In principle, a CoT could just be very obfuscated and hard to understand without steganography, but this feels doable to handle. Also, a CoT could just jailbreak the monitor, but this also feels doable to handle.
In future work, we may try to produce a demo where optimizing only the output leads to steganographic CoT. But I expect this to be fairly challenging on a practical level (evidence: Roger and McCarthy et al had difficulty inducing steganography via RL. But note that I’m not up to date on this literature). We’d appreciate suggestions for RL environments where producing such a demo may be feasible.
You could consider having a setup like the ToM task described in our paper, but you modify the output to encourage a brief discussion / recap of the scenario outside of the CoT. You could then penalize the specific names in the output (but not in the CoT) and see if steganography arises in the output only.
The main issue is that mentions of names after the reasoning occurs in the CoT is unlikely to be load bearing, so any penalization encourages just dropping the mention of the names all together instead of a steganographic replacement.
This is an important point. I’d be curious to see what happens in a variation of your single-step setup where the model must perform multi-hop reasoning about the detector in order to reach the correct answer. E.g., detector 1 might activate for warm colors, detector 2 for soft objects, and detector 3 for round objects, and a final detector has an activation rule of (detector 1 AND detector 2) OR (detector 1 AND detector 3). Maybe this can still be done in a single forward pass, but I’d guess not for a 4B model. If the reasoning is more monitorable in this setting, that would strengthen Emmons et al.‘s case that when CoT is necessary, it’s hard to evade monitors. If this leads to steganography, it would be a strong update away from McCarthy et al.’s result that steganographic schemes are hard to discover during RL training.
Another follow-up experiment that I’d find interesting is testing whether doing SFT on the model with transcripts that never mention the detector and following that up with normal RL training lead to a reduced frequency in mentions of the detector. If it does, that would be evidence that the SFT phase of deliberative alignment-like techniques can also lead to some obfuscation. If there’s some way to quantify the amount of optimization pressure applied during SFT and during RL, it would also be interesting to see the relative difference in obfuscation between those two experiments at the same amount of optimization pressure.

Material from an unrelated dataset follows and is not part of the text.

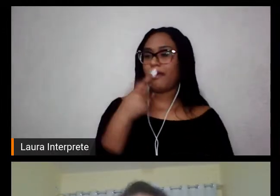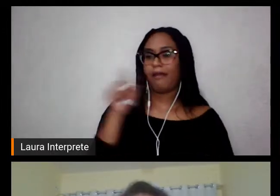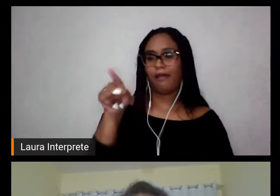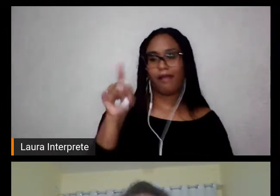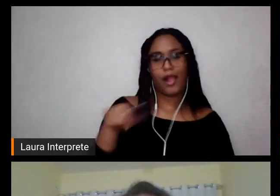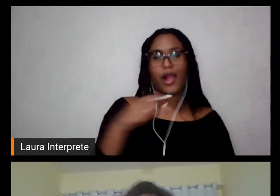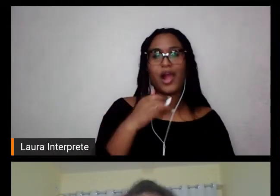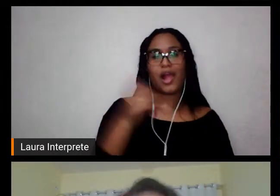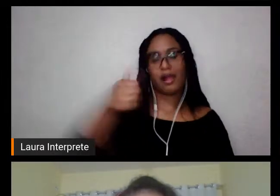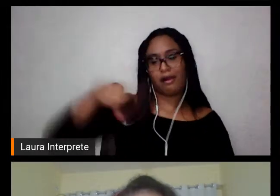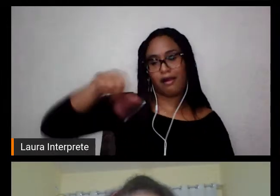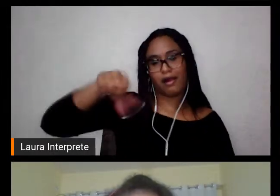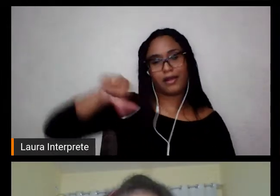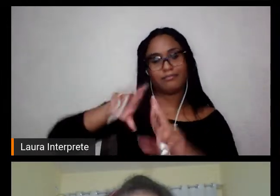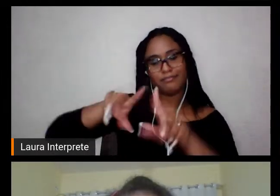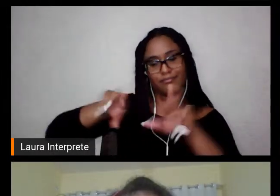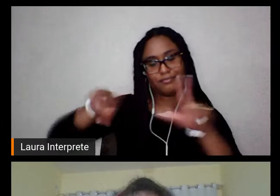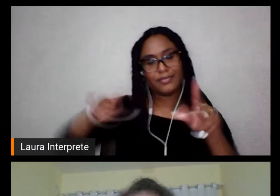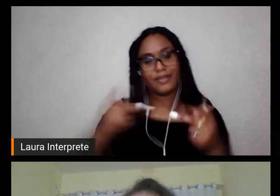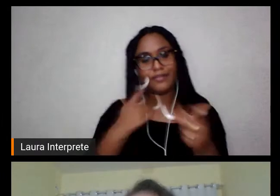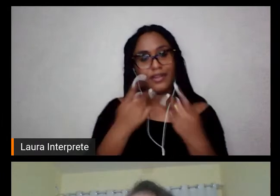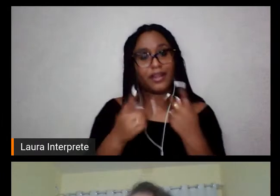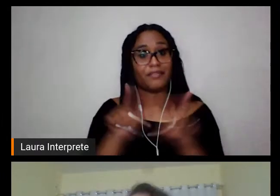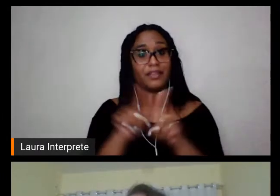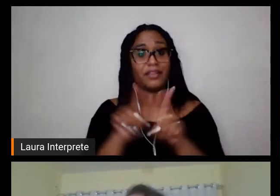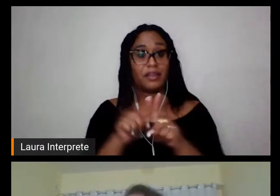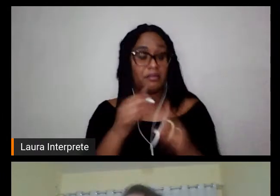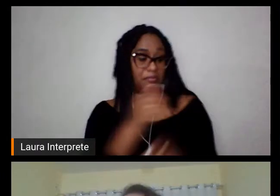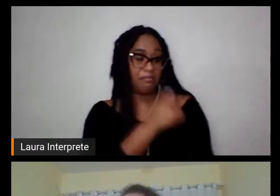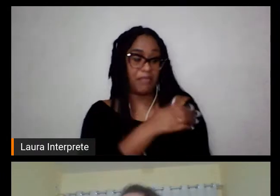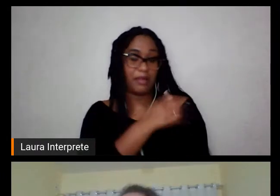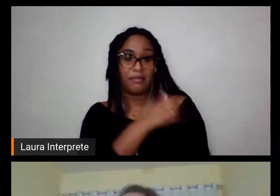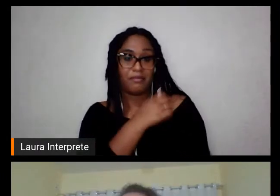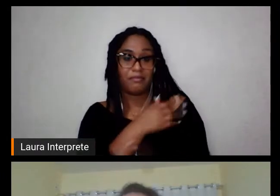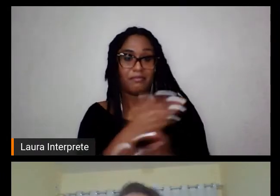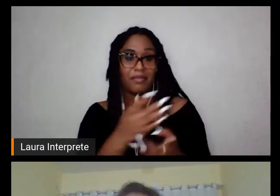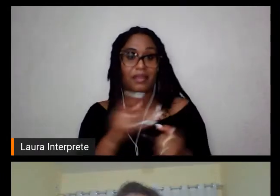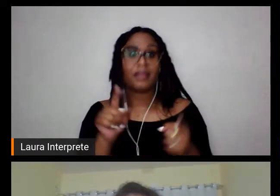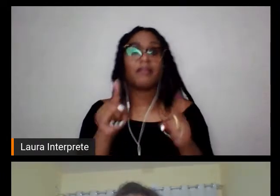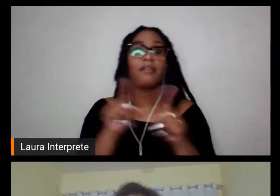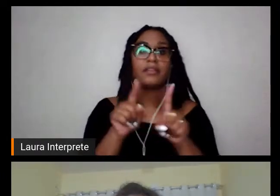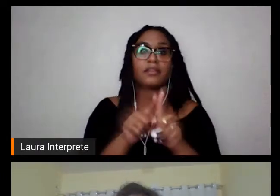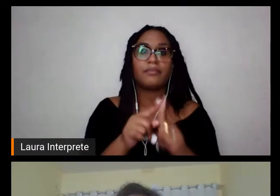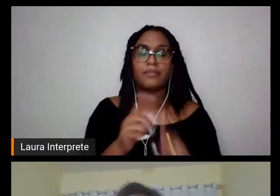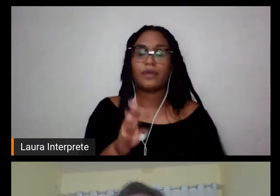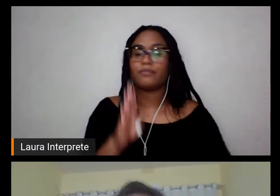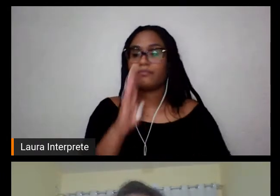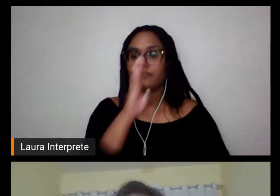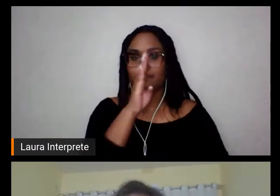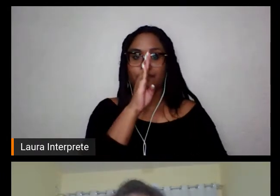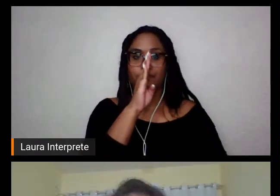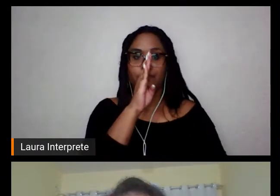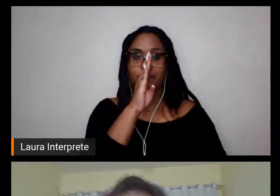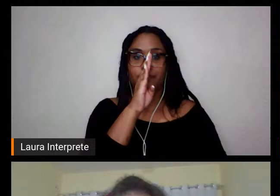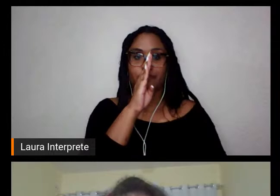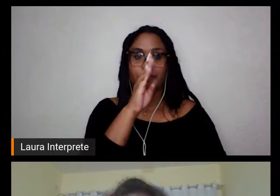juntava o silenciamento, né? Como eu falei, milhões de histórias, o quanto que a gente ainda não sabe

In principle, a CoT could just be very obfuscated and hard to understand without steganography, but this feels doable to handle
Assuming an operational definition of “hard to understand” as “accuracy of the monitor”, why would the obfuscation case be easier / harder to handle than the steganographic case?
It’s worth distinguishing between obfuscated CoT and steganographic CoT. If thinking out loud in the CoT is a necessity for a given AI for some problematic task/objective, then encoding the reasoning stenographically is likely[1] to be required to evade CoT monitoring. The results here don’t correspond to the AI learning to reason steganographically.
To be clear, I think it’s to good try to avoid incentivizing a propensity to attempt obfuscatation and the results here show that this propensity could leak from outputs into the CoT by default.
In principle, a CoT could just be very obfuscated and hard to understand without steganography, but this feels doable to handle. Also, a CoT could just jailbreak the monitor, but this also feels doable to handle.
Agreed. Thanks for the useful clarification.
In future work, we may try to produce a demo where optimizing only the output leads to steganographic CoT. But I expect this to be fairly challenging on a practical level (evidence: Roger and McCarthy et al had difficulty inducing steganography via RL. But note that I’m not up to date on this literature). We’d appreciate suggestions for RL environments where producing such a demo may be feasible.
We partnered with McCarthy et al and found some success inducing steganographic CoT via RL and found that penalizing a small set of names within a theory of mind task generalized to producing nick-names or filler tokens for names never seen in the training set (and we recently confirmed that these filler-names can be load bearing).
You could consider having a setup like the ToM task described in our paper, but you modify the output to encourage a brief discussion / recap of the scenario outside of the CoT. You could then penalize the specific names in the output (but not in the CoT) and see if steganography arises in the output only.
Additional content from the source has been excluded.